There are so many takes on what 2020 has felt like that it’s difficult to know where to begin an anniversary post like this. Often pieces which collect reflections on the year that was begin with an almighty groan about words that many of us have become too used to – like ‘coronavirus’, ‘social distancing’, ‘superspreader’ and ‘zoom’ – as well as words that have tended toward overuse such as ‘unprecedented’ and ‘new normal’. While we might groan along with these writers, it is challenging to try and think about conferences in 2020 without many of these words.
This anniversary post is an annual fixture on the Conference Inference calendar. Each year we like to take a breather over the Christmas holidays and come back to the blog with some thoughts to share on the adventures of the blog over the past year and the aspirations we have for the one yet to come. In this post we return to some of the aspirations we set for ourselves for 2020 to see how we are getting on with them, we share a little bit about what it was like to blog about conferences during the current pandemic, and we pull back the curtain to reveal a little about the blog analytics for the year.

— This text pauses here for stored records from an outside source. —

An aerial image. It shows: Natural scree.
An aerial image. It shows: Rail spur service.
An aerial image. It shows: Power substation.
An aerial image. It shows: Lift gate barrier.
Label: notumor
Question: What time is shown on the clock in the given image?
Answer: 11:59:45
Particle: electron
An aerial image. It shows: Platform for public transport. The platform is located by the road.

Checking in: Our aspirations for Conference Inference
We typically start our anniversary post by returning to the goals we identified when we began the Conference Inference blog in 2017. We think of this as a sort of touching base and also an interesting experiment that allows us to track how our thinking may be changing over time.
We made the decision to collect conference inferences because we saw the need for more analytical and creative thinking about conferences. We noticed that much writing on conferences was produced in an orbit of ‘advice’, and while this is useful for introducing newcomers to some of the conventions of conferencing, it doesn’t tend to push at the limits of how we think about, organise and enact ourselves at conferences. It was our hope to tug accounts of conferencing in a slightly more scholarly direction.

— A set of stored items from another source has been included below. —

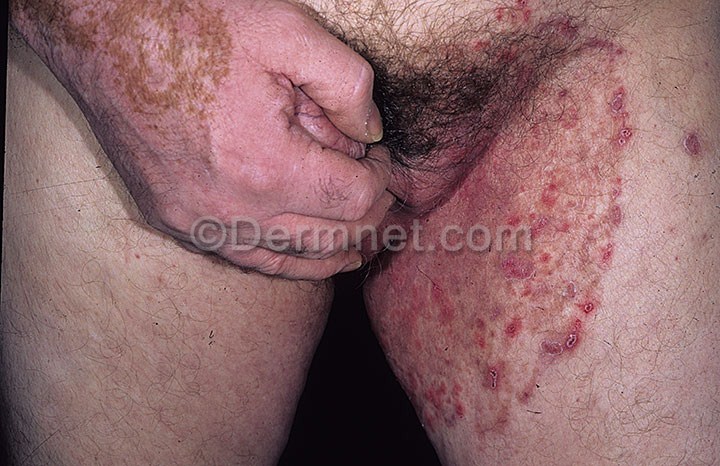
Disease: Tinea Ringworm Candidiasis and other Fungal Infections
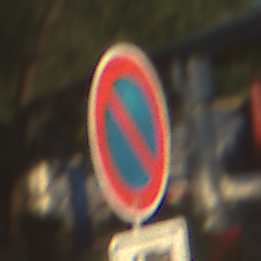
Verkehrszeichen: EingeschraenktesHalteverbot
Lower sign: HinweisDurchSinnbild23
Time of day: SunriseSunset
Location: Outdoor (Suburban)
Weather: Clear
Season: NotSpecified
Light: Natural
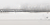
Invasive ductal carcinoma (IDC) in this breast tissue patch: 0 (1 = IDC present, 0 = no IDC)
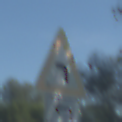
Verkehrszeichen: KurveLinks
Zusatzzeichen unten: RichtungsangabeDurchPfeile2
Umgebung: Outdoor, Nature
Tageszeit: MorningAfternoon
Wetter: Clear
Licht: Natural
Jahreszeit: NotSpecified
Kontrast: HighContrast
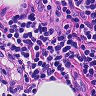
Metastatic tissue present: no
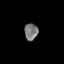
Tissue: lung
Cell type: Myeloid cells
Senescence score: 0.216
Nuclear area (px): 219
Mean DAPI intensity: 123.566
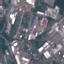
Land use / land cover: Industrial
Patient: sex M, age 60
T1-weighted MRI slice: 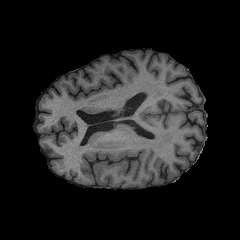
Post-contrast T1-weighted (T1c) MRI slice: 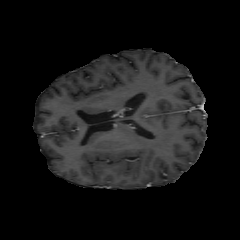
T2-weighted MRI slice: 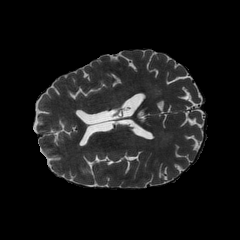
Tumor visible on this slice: yes
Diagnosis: Glioblastoma, IDH-wildtype
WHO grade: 4
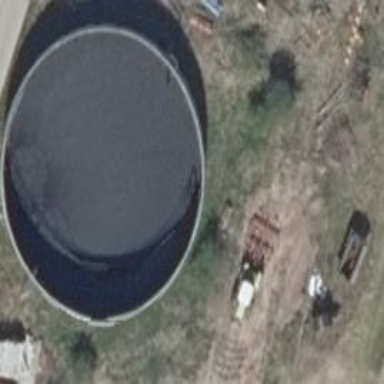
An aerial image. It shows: Slurry tank building.
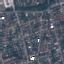
Label: Residential

We hoped to both bring together accounts of interesting work that we knew must be being produced about conferences, and to entice scholars who may not have thought about conferences yet to bring their expertise to the subject. It was also our goal to bring together conversations that may otherwise not come into contact because of national or disciplinary differences. As we have tended to the blog over the past few years, we have learned a lot. We now understand our work as contributing to a nascent field of inquiry that we call “Critical Conferences Studies”, a cousin of both “Critical Events Studies” and “Critical Academic Mobilities Research”. We also now know that research about conferences isn’t ‘missing’ per se, it is more that it is highly dispersed and disconnected. Often, researchers write about conferences within a particular disciplinary niche, sometimes without seeing them as broader phenomena connected to higher education and knowledge production.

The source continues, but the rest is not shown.